(Dataset excerpts begins)

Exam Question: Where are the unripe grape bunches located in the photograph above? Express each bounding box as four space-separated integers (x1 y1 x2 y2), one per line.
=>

(Dataset excerpts ends)
(Dataset excerpts begins)

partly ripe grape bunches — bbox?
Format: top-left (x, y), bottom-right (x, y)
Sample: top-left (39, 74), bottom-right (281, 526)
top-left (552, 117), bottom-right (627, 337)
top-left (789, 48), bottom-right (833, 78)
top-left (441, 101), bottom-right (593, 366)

(Dataset excerpts ends)

What to work on: For the data above, give the number of lines in which the word "grape" appears, and nothing more.

Written reply: 2